# WHAT TO WORK ON
The output should contain the listing word for word and no pictures.

# SUPPLIED ENTRIES

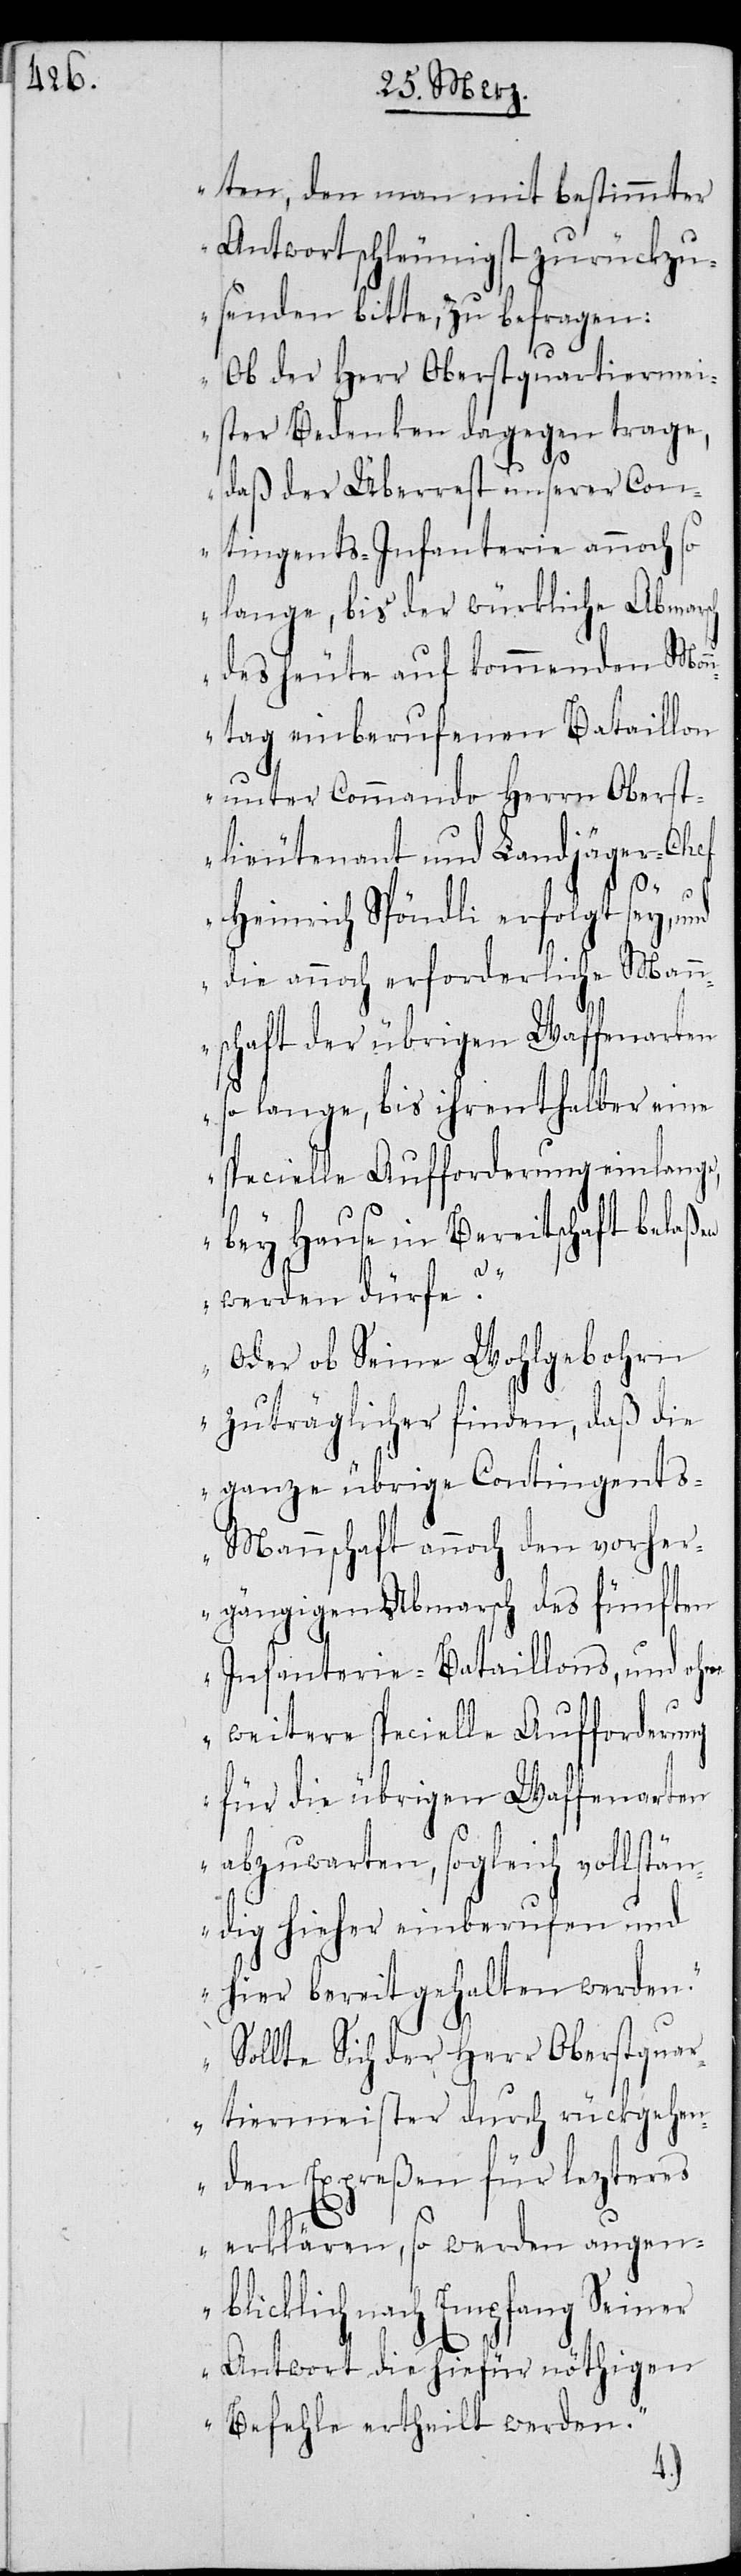
ten, den man mit bestimmter
Antwort schleunigst zurückzu¬
senden bitte, zu befragen:
Ob der Herr Oberstquartiermei¬
ster Bedenken dagegen trage,
daß der Überrest unserer Con¬
tingents-Infanterie annoch so
lange, bis der würkliche Abmarsch
des heute auf kommenden Mon¬
ntag einberufenen Bataillon
unter Commando Herrn Oberst¬
lieutenant und Landjäger-Chef
Heinrich Spöndli erfolgt sey, und
die annoch erforderliche Man¬
nschaft der übrigen Waffenarten
so lange, bis ihrenthalber eine
specielle Aufforderung einlange,
bey Hause in Bereitschaft bela¬
ßen
werden dürfe?
Oder ob Seine Wohlgebohrn
zuträglicher finden, daß die
ganze übrige Contingent¬
s-Mannschaft annoch den vorher¬
gängigen Abmarsch des fünften
Infanterie-Bataillons, und ohne
weitere specielle Aufforderung
für die übrigen Waffenarten
abzuwarten, sogleich vollstä¬
ndig hierher einberufen und
hier bereitgehalten werden.
Sollte sich der Herr Oberstqua¬
rtiermeister durch rückgehen¬
den Expreßen für lezteres
erklären, so werden augen¬
blicklich nach Empfang seiner
Antwort die hiefür nöthigen
Befehle ertheilt werden.“
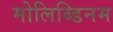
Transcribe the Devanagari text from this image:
मोलिब्डिनम
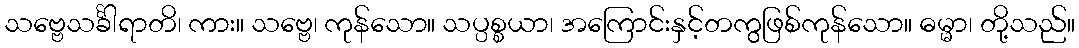
သဗ္ဗေသင်္ခါရာတိ၊ ကား။ သဗ္ဗေ၊ ကုန်သော။ သပ္ပစ္စယာ၊ အကြောင်းနှင့်တကွဖြစ်ကုန်သော။ ဓမ္မာ၊ တို့သည်။
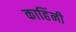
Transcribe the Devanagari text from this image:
काहिंनी
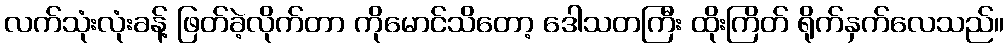
လက်သုံးလုံးခန့် ဖြတ်ခဲ့လိုက်တာ ကိုမောင်သိတော့ ဒေါသတကြီး ထိုးကြိတ် ရိုက်နှက်လေသည်။
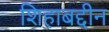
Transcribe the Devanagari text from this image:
शिहाबद्दीन
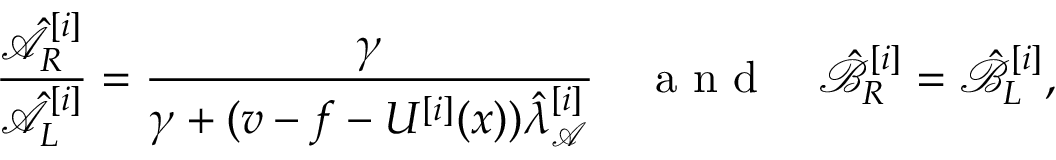
\frac { \hat { \mathcal { A } } _ { R } ^ { [ i ] } } { \hat { \mathcal { A } } _ { L } ^ { [ i ] } } = \frac { \gamma } { \gamma + ( v - f - U ^ { [ i ] } ( x ) ) \hat { \lambda } _ { \mathcal { A } } ^ { [ i ] } } \quad \mathrm { ~ a ~ n ~ d ~ } \quad \hat { \mathcal { B } } _ { R } ^ { [ i ] } = \hat { \mathcal { B } } _ { L } ^ { [ i ] } ,
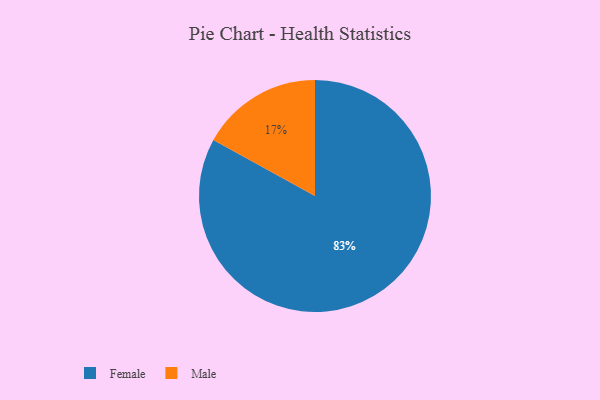
{"axis": {"x": "Category", "y": "Percentage"}, "legend": ["Female", "Male"], "data": [{"x": "Female", "y": 83, "type": "Female"}, {"x": "Male", "y": 17, "type": "Male"}]}
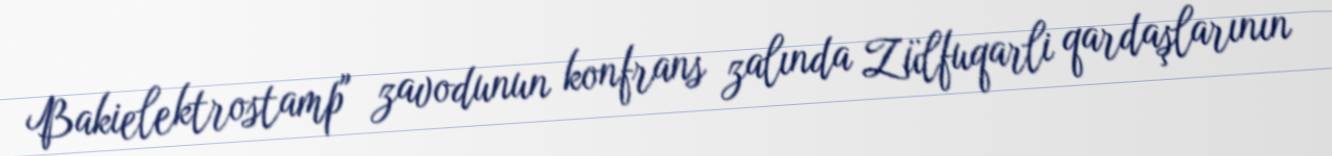
Bakielektrostamp" zavodunun konfrans zalında Zülfuqarli qardaşlarının
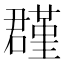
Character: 𡂬
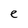
Character: e
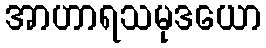
အာဟာရသမုဒယော
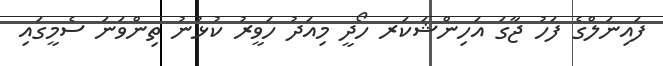
ފައިނަލްގެ ފަހު ޖާގަ އަހިންޝަކަރ ހޯދީ މިއަދު ހަވީރު ކުޅުނު ތިންވަނަ ސެމީގައި
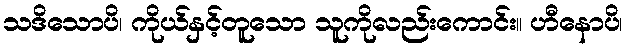
သဒိသောပိ၊ ကိုယ်နှင့်တူသော သူကိုလည်းကောင်း။ ဟီနောပိ၊
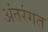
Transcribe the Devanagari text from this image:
अंतरंगत
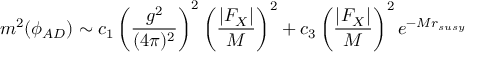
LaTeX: m ^ { 2 } ( \phi _ { A D } ) \sim c _ { 1 } \left( \frac { g ^ { 2 } } { ( 4 \pi ) ^ { 2 } } \right) ^ { 2 } \left( \frac { | F _ { X } | } { M } \right) ^ { 2 } + c _ { 3 } \left( \frac { | F _ { X } | } { M } \right) ^ { 2 } e ^ { - M r _ { s u s y } }
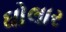
ઘોલાર
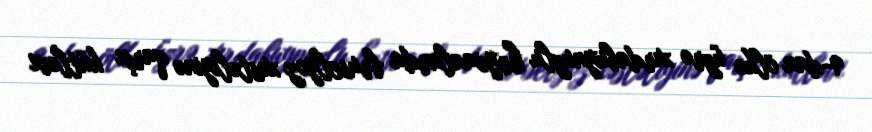
9-dan ölkə üzrə xırdabuynuzlu heyvanlarda bruselyoz xəstəliyinə qarşı kütləvi
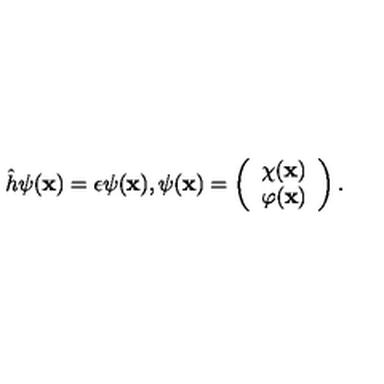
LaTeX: \hat { h } \psi ( { \bf x } ) = \epsilon \psi ( { \bf x } ) , \psi ( { \bf x } ) = \left( \begin{array} { c } { \chi ( { \bf x } ) } \\ { \varphi ( { \bf x } ) } \\ \end{array} \right) .
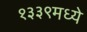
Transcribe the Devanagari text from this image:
१३३९मध्ये
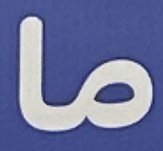
ما
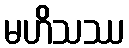
မဟိသဿ
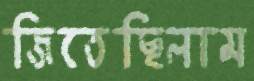
জিতেছিলাম
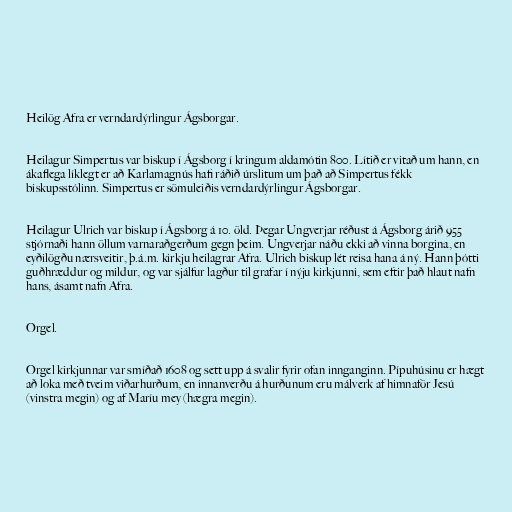
Heilög Afra er verndardýrlingur Ágsborgar.

Heilagur Simpertus var biskup í Ágsborg í kringum aldamótin 800. Lítið er vitað um hann, en
ákaflega líklegt er að Karlamagnús hafi ráðið úrslitum um það að Simpertus fékk
biskupsstólinn. Simpertus er sömuleiðis verndardýrlingur Ágsborgar.

Heilagur Ulrich var biskup í Ágsborg á 10. öld. Þegar Ungverjar réðust á Ágsborg árið 955
stjórnaði hann öllum varnaraðgerðum gegn þeim. Ungverjar náðu ekki að vinna borgina, en
eyðilögðu nærsveitir, þ.á.m. kirkju heilagrar Afra. Ulrich biskup lét reisa hana á ný. Hann þótti
guðhræddur og mildur, og var sjálfur lagður til grafar í nýju kirkjunni, sem eftir það hlaut nafn
hans, ásamt nafn Afra.

Orgel.

Orgel kirkjunnar var smíðað 1608 og sett upp á svalir fyrir ofan innganginn. Pípuhúsinu er hægt
að loka með tveim viðarhurðum, en innanverðu á hurðunum eru málverk af himnaför Jesú
(vinstra megin) og af Maríu mey (hægra megin).

# WRITTEN SOLUTION
ten, den man mit bestimmter
Antwort schleunigst zurückzu¬
senden bitte, zu befragen:
Ob der Herr Oberstquartiermei¬
ster Bedenken dagegen trage,
daß der Überrest unserer Con¬
tingents-Infanterie annoch so
lange, bis der würkliche Abmarsch
des heute auf kommenden Mon¬
ntag einberufenen Bataillon
unter Commando Herrn Oberst¬
lieutenant und Landjäger-Chef
Heinrich Spöndli erfolgt sey, und
die annoch erforderliche Man¬
nschaft der übrigen Waffenarten
so lange, bis ihrenthalber eine
specielle Aufforderung einlange,
bey Hause in Bereitschaft bela¬
ßen
werden dürfe?
Oder ob Seine Wohlgebohrn
zuträglicher finden, daß die
ganze übrige Contingent¬
s-Mannschaft annoch den vorher¬
gängigen Abmarsch des fünften
Infanterie-Bataillons, und ohne
weitere specielle Aufforderung
für die übrigen Waffenarten
abzuwarten, sogleich vollstä¬
ndig hierher einberufen und
hier bereitgehalten werden.
Sollte sich der Herr Oberstqua¬
rtiermeister durch rückgehen¬
den Expreßen für lezteres
erklären, so werden augen¬
blicklich nach Empfang seiner
Antwort die hiefür nöthigen
Befehle ertheilt werden.“
Transcribe the Devanagari text from this image:
मोलिब्डिनम
သဗ္ဗေသင်္ခါရာတိ၊ ကား။ သဗ္ဗေ၊ ကုန်သော။ သပ္ပစ္စယာ၊ အကြောင်းနှင့်တကွဖြစ်ကုန်သော။ ဓမ္မာ၊ တို့သည်။
Transcribe the Devanagari text from this image:
काहिंनी
လက်သုံးလုံးခန့် ဖြတ်ခဲ့လိုက်တာ ကိုမောင်သိတော့ ဒေါသတကြီး ထိုးကြိတ် ရိုက်နှက်လေသည်။
Transcribe the Devanagari text from this image:
शिहाबद्दीन
\frac { \hat { \mathcal { A } } _ { R } ^ { [ i ] } } { \hat { \mathcal { A } } _ { L } ^ { [ i ] } } = \frac { \gamma } { \gamma + ( v - f - U ^ { [ i ] } ( x ) ) \hat { \lambda } _ { \mathcal { A } } ^ { [ i ] } } \quad \mathrm { ~ a ~ n ~ d ~ } \quad \hat { \mathcal { B } } _ { R } ^ { [ i ] } = \hat { \mathcal { B } } _ { L } ^ { [ i ] } ,
{"axis": {"x": "Category", "y": "Percentage"}, "legend": ["Female", "Male"], "data": [{"x": "Female", "y": 83, "type": "Female"}, {"x": "Male", "y": 17, "type": "Male"}]}
Bakielektrostamp" zavodunun konfrans zalında Zülfuqarli qardaşlarının
Character: 𡂬
Character: e
အာဟာရသမုဒယော
ފައިނަލްގެ ފަހު ޖާގަ އަހިންޝަކަރ ހޯދީ މިއަދު ހަވީރު ކުޅުނު ތިންވަނަ ސެމީގައި
သဒိသောပိ၊ ကိုယ်နှင့်တူသော သူကိုလည်းကောင်း။ ဟီနောပိ၊
Transcribe the Devanagari text from this image:
अंतरंगत
LaTeX: m ^ { 2 } ( \phi _ { A D } ) \sim c _ { 1 } \left( \frac { g ^ { 2 } } { ( 4 \pi ) ^ { 2 } } \right) ^ { 2 } \left( \frac { | F _ { X } | } { M } \right) ^ { 2 } + c _ { 3 } \left( \frac { | F _ { X } | } { M } \right) ^ { 2 } e ^ { - M r _ { s u s y } }
ઘોલાર
9-dan ölkə üzrə xırdabuynuzlu heyvanlarda bruselyoz xəstəliyinə qarşı kütləvi
LaTeX: \hat { h } \psi ( { \bf x } ) = \epsilon \psi ( { \bf x } ) , \psi ( { \bf x } ) = \left( \begin{array} { c } { \chi ( { \bf x } ) } \\ { \varphi ( { \bf x } ) } \\ \end{array} \right) .
Transcribe the Devanagari text from this image:
१३३९मध्ये
ما
မဟိသဿ
জিতেছিলাম
Heilög Afra er verndardýrlingur Ágsborgar.

Heilagur Simpertus var biskup í Ágsborg í kringum aldamótin 800. Lítið er vitað um hann, en
ákaflega líklegt er að Karlamagnús hafi ráðið úrslitum um það að Simpertus fékk
biskupsstólinn. Simpertus er sömuleiðis verndardýrlingur Ágsborgar.

Heilagur Ulrich var biskup í Ágsborg á 10. öld. Þegar Ungverjar réðust á Ágsborg árið 955
stjórnaði hann öllum varnaraðgerðum gegn þeim. Ungverjar náðu ekki að vinna borgina, en
eyðilögðu nærsveitir, þ.á.m. kirkju heilagrar Afra. Ulrich biskup lét reisa hana á ný. Hann þótti
guðhræddur og mildur, og var sjálfur lagður til grafar í nýju kirkjunni, sem eftir það hlaut nafn
hans, ásamt nafn Afra.

Orgel.

Orgel kirkjunnar var smíðað 1608 og sett upp á svalir fyrir ofan innganginn. Pípuhúsinu er hægt
að loka með tveim viðarhurðum, en innanverðu á hurðunum eru málverk af himnaför Jesú
(vinstra megin) og af Maríu mey (hægra megin).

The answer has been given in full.